As they made their way through the room she sensed one or two raised  eyebrows. Her antennae picked up approval-even Sir Alan Barclay, always  regarded as something of a cold fish, allowed himself a tiny admiring  smile, to which she found herself beginning to respond.

That was when Kyle diverted her. The smile was still about her mouth,  sparkling mischievously in the wide, brilliant eyes, when she turned,  and was instantly stricken to the heart by that dark face, those  penetrating... smoky and penetrating eyes and... Reality began to drift  away from her, reason to desert her. She was back in her dream; she must  be. What other explanation could...?

'Leigh, I don't think you've met Patrick Cavour. He's been here for.. .what is it, Patrick? About a week?'

'Less than that.' For the first time in years she was hearing that deep  voice. Deep and immensely attractive, with the faintest brush of an  Irish brogue, it was a voice that from the first had brought weakness to  her knees, shivers of sheer delight to the length of her spine and..  .nothing had changed. Nothing at all. That throb low in her diaphragm,  the pressure in her chest were as potent as ever. 'Here in Strasbourg,  just three days.'

'Leigh Gregory.' As he spoke Kyle draped a casual arm about her shoulder. "The most efficient PA in Strasbourg.'

She felt humiliated by the other man's raised eyebrow, curled mouth,  that same sensitive mouth which had-----Angrily she caught at her  treacherous thoughts, allowing herself to grow increasingly irritated  with Kyle, wishing he wouldn't lay it on so thickly. But then she  realised it was of Anna he was speaking, introducing her as his  secretary.

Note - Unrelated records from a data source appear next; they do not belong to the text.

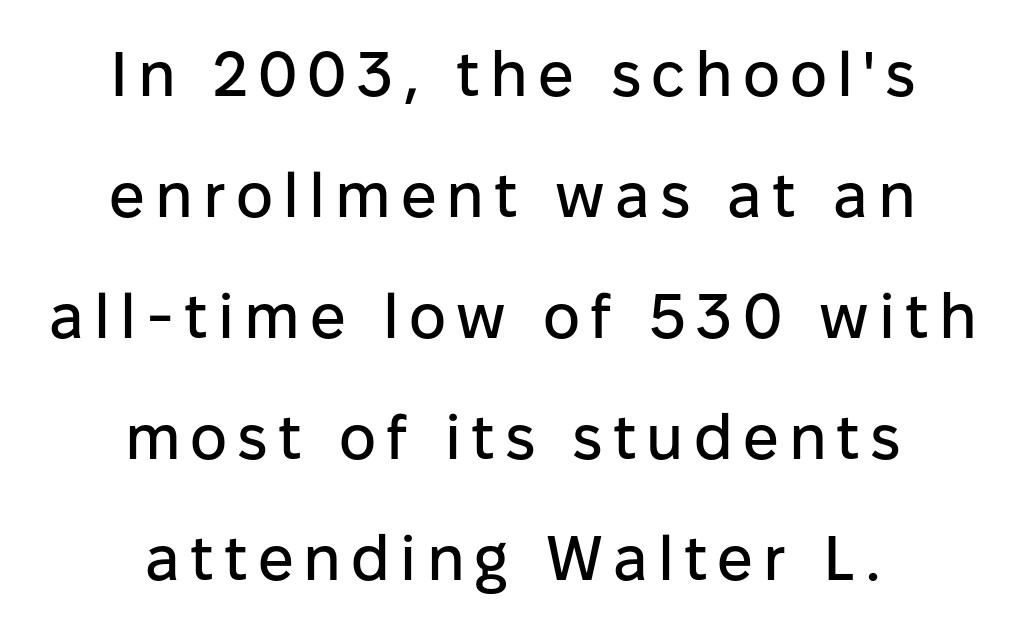
The image shows 63 px sans-serif type, upright; set centered, loose line spacing (1.92x), not underlined; low stroke contrast and a medium x-height.
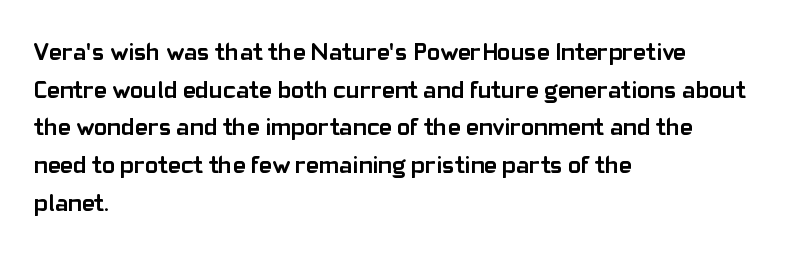
Q: Is the text bold? A: Yes.
Q: Is the text italic (slanted)? A: No, it is upright.
Q: Is the text underlined? A: No.
Q: How is the paragraph aligned? A: Left-aligned.
Q: Is the spacing between letters normal or unusually wide? A: Normal.
Q: Is the spacing between lines tight, normal or loose? A: Normal.
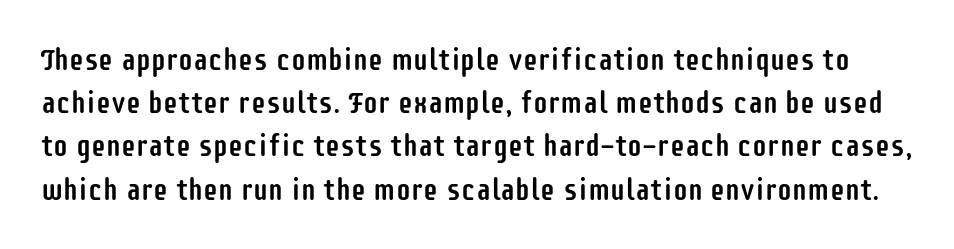
Q: Is the text italic (slanted)? A: No, it is upright.
Q: Is the typeface a serif or a sans-serif typeface? A: Sans-serif.
Q: Is the text underlined? A: No.
Q: Is the spacing between letters normal or unusually wide? A: Normal.
Q: Is the spacing between lines tight, normal or loose? A: Normal.
Q: Width (condensed, normal, or wide)? A: Condensed.
Q: Stroke contrast? A: Low.
Q: x-height? A: Large.
Q: Monospaced? A: No.
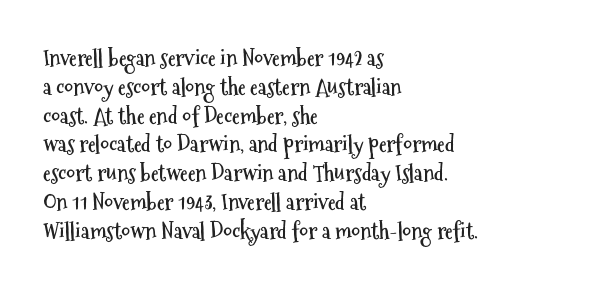
Q: Is the text bold? A: Yes.
Q: Is the text italic (slanted)? A: No, it is upright.
Q: Is the text underlined? A: No.
Q: How is the paragraph aligned? A: Left-aligned.
Q: Is the spacing between letters normal or unusually wide? A: Normal.
Q: Is the spacing between lines tight, normal or loose? A: Normal.
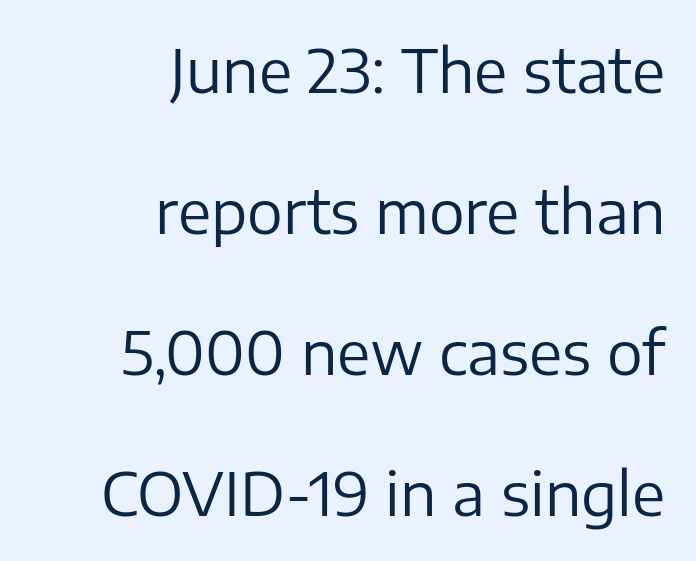
The image shows 60 px regular-weight sans-serif type, upright; set right-aligned, loose line spacing (2.35x), normal letter spacing, not underlined; low stroke contrast and a medium x-height.

His secretary? Silently she queried that statement, latching desperately  on to something to absorb her irritation. Until that very moment she  had considered Anna to be her secretary, but possibly, in a manner of  speaking...

No matter. A moment later-and she couldn't understand how it had come  about-she and Patrick were on their own, eyes cagily assessing over the  rims of glasses. At least, hers were; his were quite blatant in their  scrutiny. Almost immediately he spoke, in that soft, tender way that was  so... Irish. 'So... Leigh. How well you look.' The words were spoken in  that beguiling lilt so vividly recalled.

'Thank you.' Smile and manner were both brittle as she forced herself to  remember to be on her guard. Once before this man had-----'And you  too.' Which was the simple truth as well as a cause for considerable  regret, she told herself, in an attempt to damp down her responses. It  would have been easier if he hadn't looked just about twice as  devastating as her memory of him...

It was all too easy for people like her, ordinary people, to be  captivated, even to be intimidated, by people like Patrick Cavour. Those  who came from backgrounds where casual privilege was taken for granted,  from large, close families with servants who were almost invariably  devoted- they enjoyed so many niceties which everyone else could only  read about.

There was comfort in allowing her dyspeptic recollections full rein, in  remembering how the Cavour home had appeared at the end of a long drive,  like something out of Gone with the Wind. Inside all had been discreet,  tasteful luxury, and then there had been the horses, the dogs with  names like Bran and Luath and-----

'It's been a long time-----' Seeing his lips begin to curve, again she  was consumed with fear at her own weakness. Besides, a little shame at  such mean thoughts of people who had shown her only kindness had brought  colour to her cheeks.